Flexural Strengthening of Reinforced Concrete Columns with Near-Surface-Mounted FRP or Stainless Steel

Abstract

Near-surface mounted (NSM) reinforcement involves cutting grooves into a concrete cover and bonding reinforcing bars inside the grooves using an appropriate filler. A large-scale experimental program was conducted to study the behavior of reinforced concrete (RC) columns under simulated seismic loading, strengthened in flexure with different types and configurations of NSM reinforcing materials. Lateral load-versus-displacement response characteristics (peak force, drift ratios, energy dissipation, and stiffness) were compared in order to examine the role of different parameters.
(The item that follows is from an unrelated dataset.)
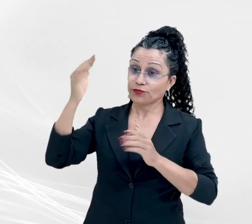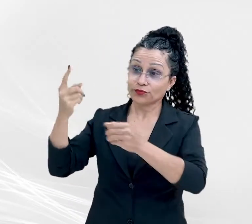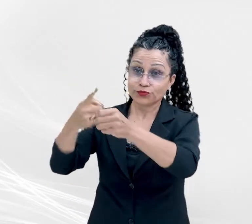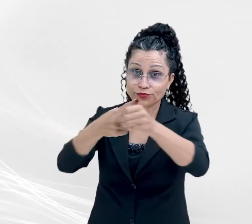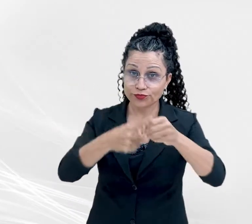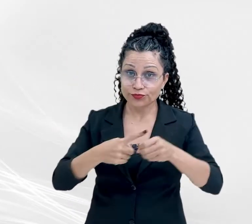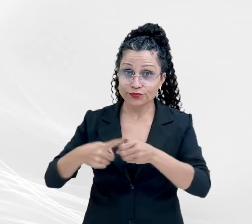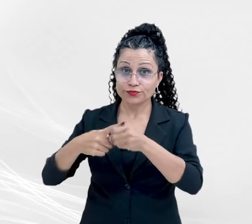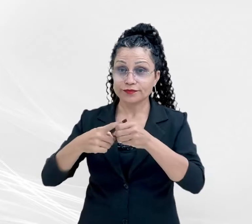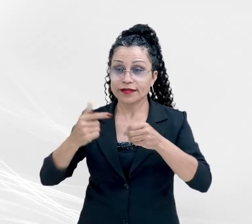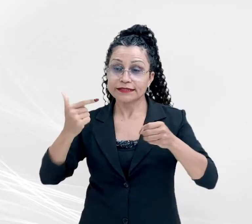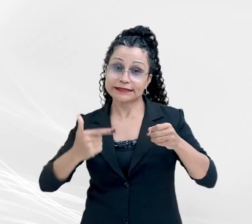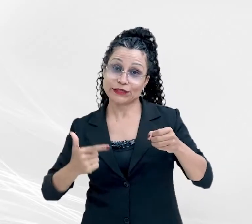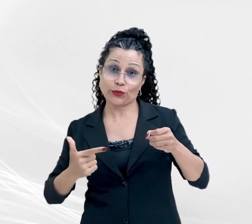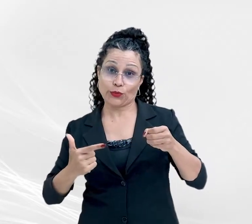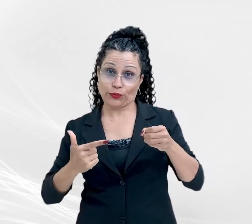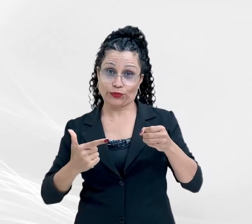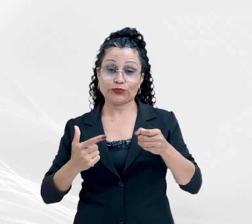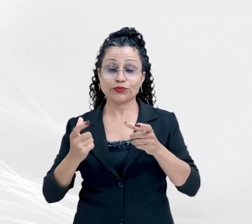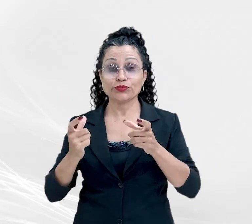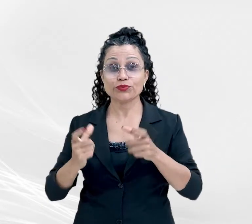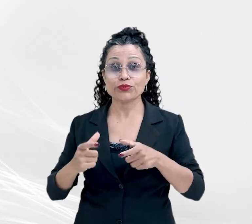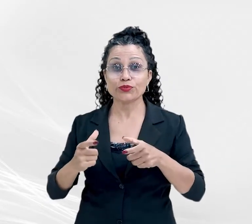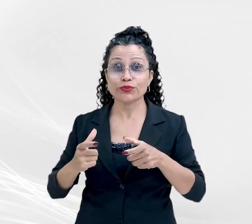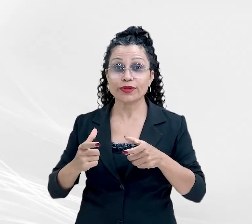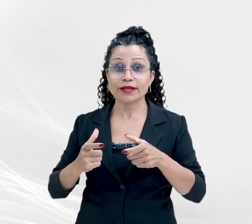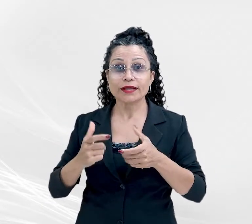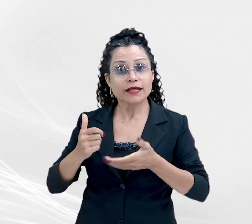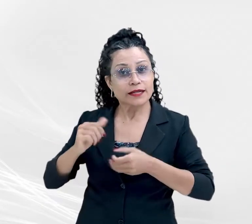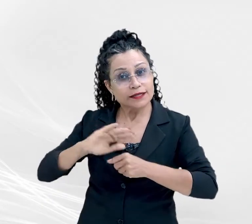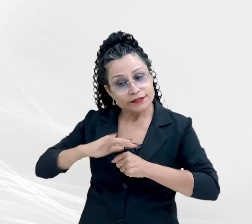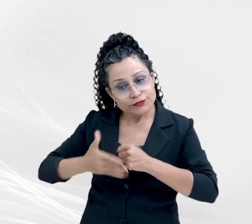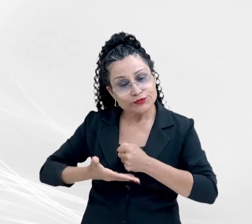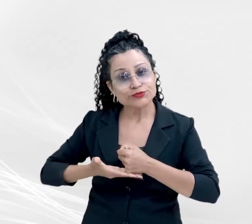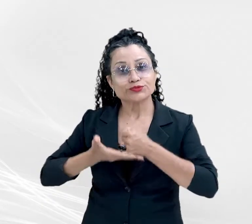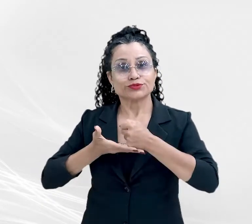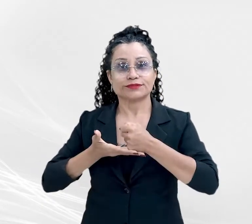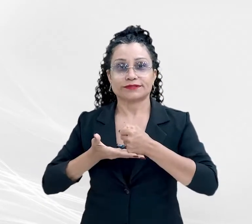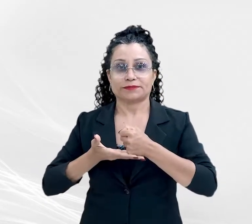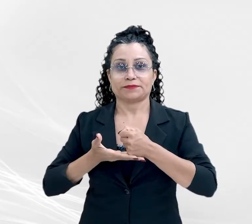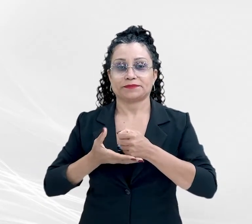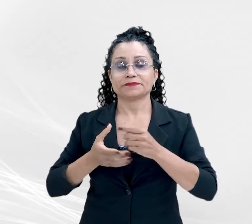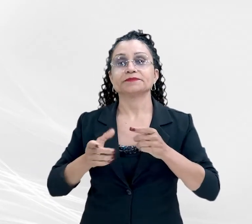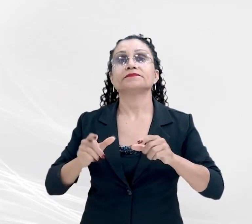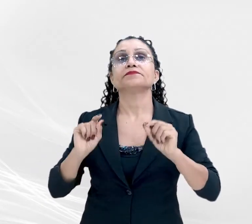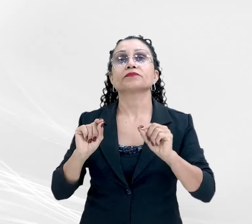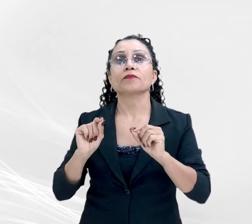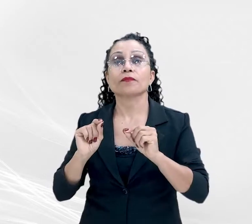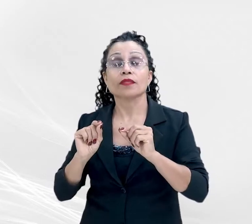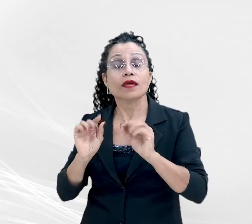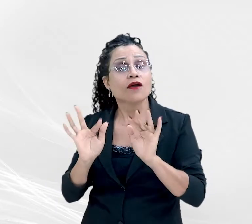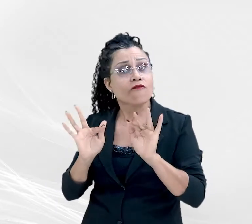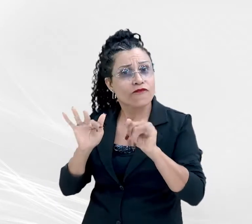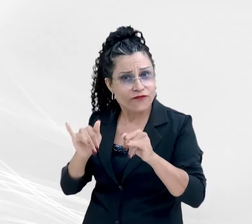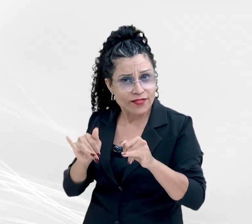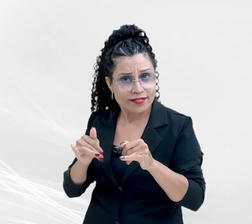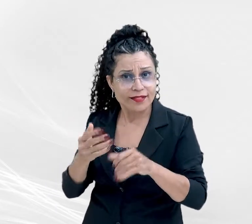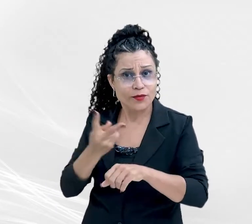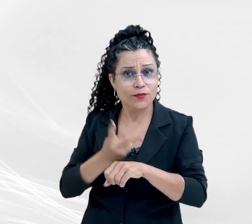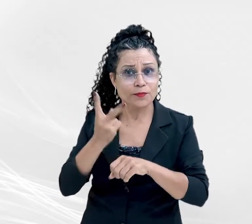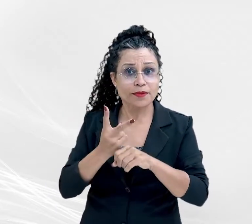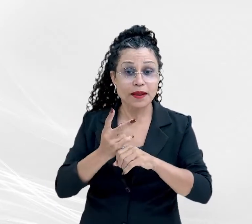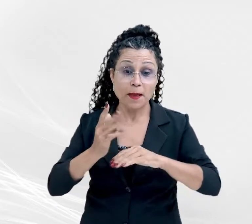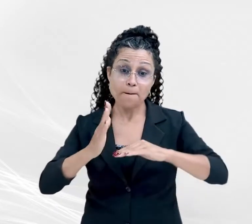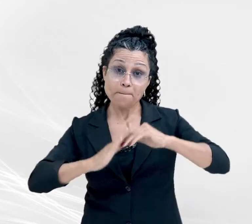ficou na segunda colocação, na categoria Sustentabilidade. Além disso, o semifinalista Minhas
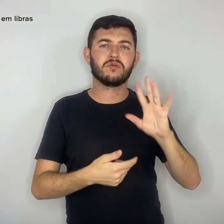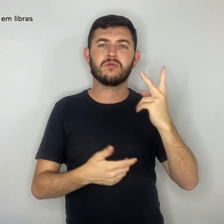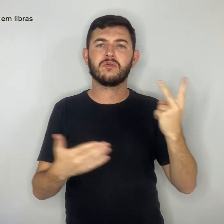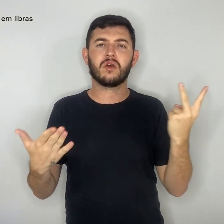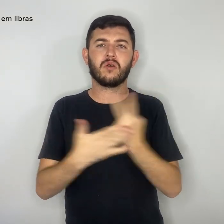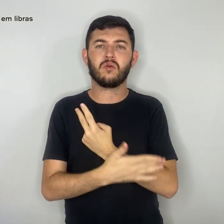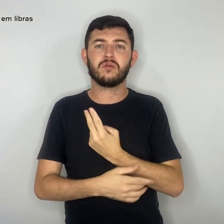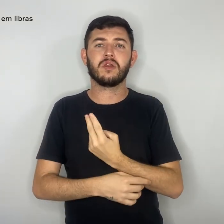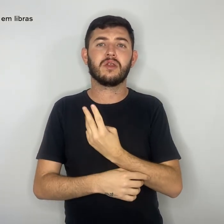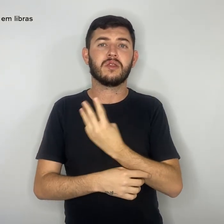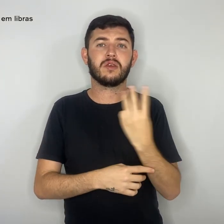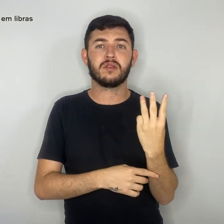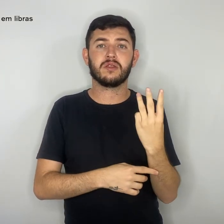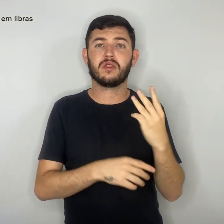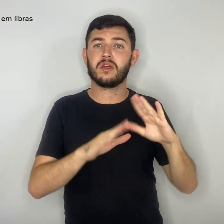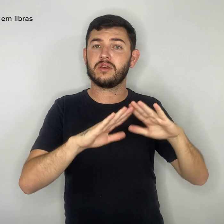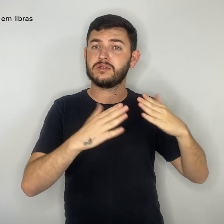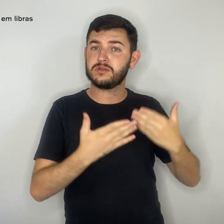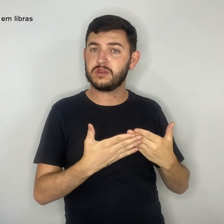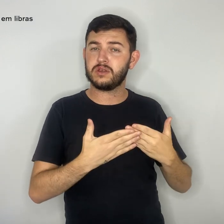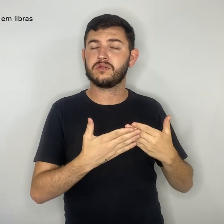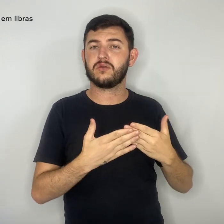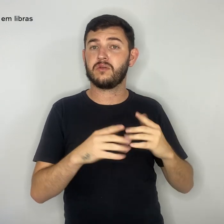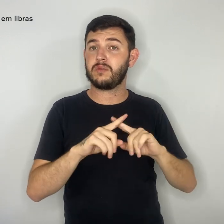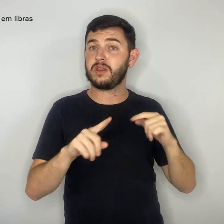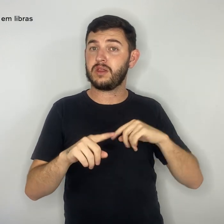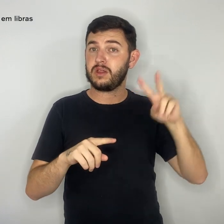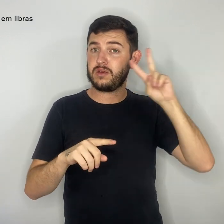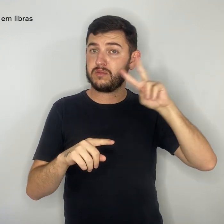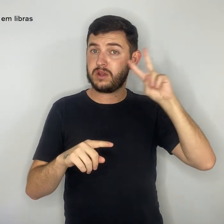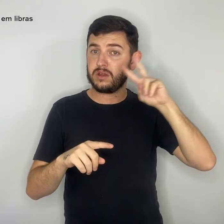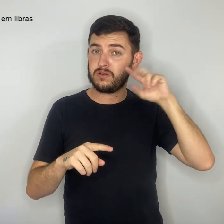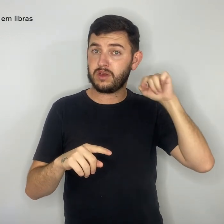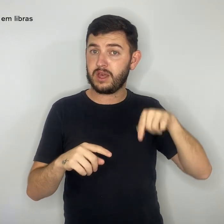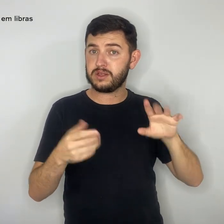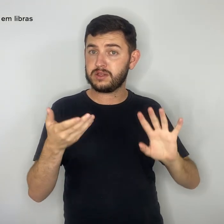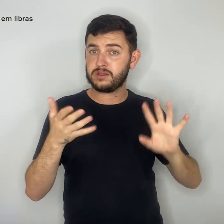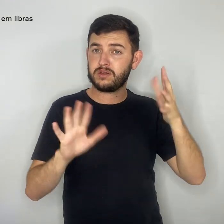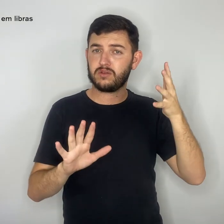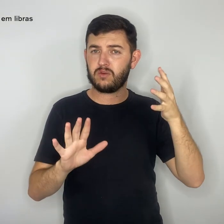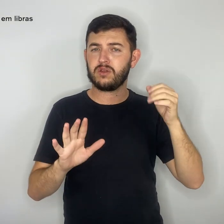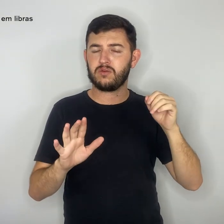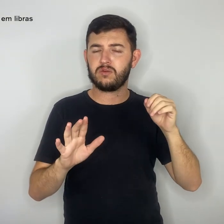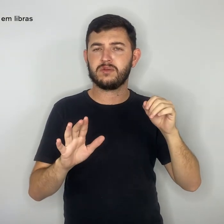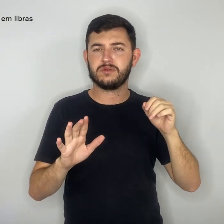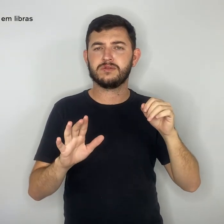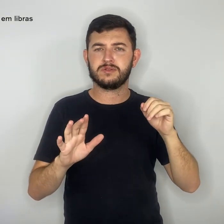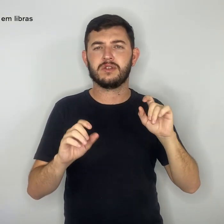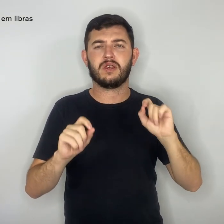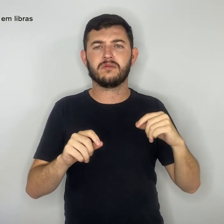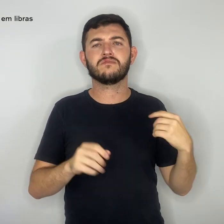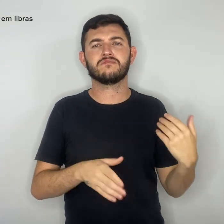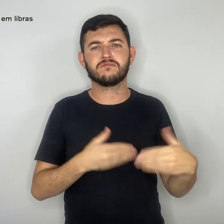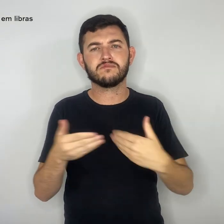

The parameters include carbon or glass fiber-reinforced polymers (FRP) versus stainless steel, configuration and amount of NSM reinforcement, confinement via local jacketing, and type of bonding agent (epoxy resin or mortar). The results show that NSM FRP or stainless steel reinforcement is a viable solution toward enhancing the flexural resistance of RC columns subjected to seismic loads. All types of NSM reinforcing elements reached large axial strains. Local confinement with textile-reinforced mortar jackets was effective in controlling buckling of the NSM reinforcement, thus enabling this reinforcement to reach higher strains at failure. Epoxy-based bonding agencies inside grooves were more effective than cement-based mortar bonding agents.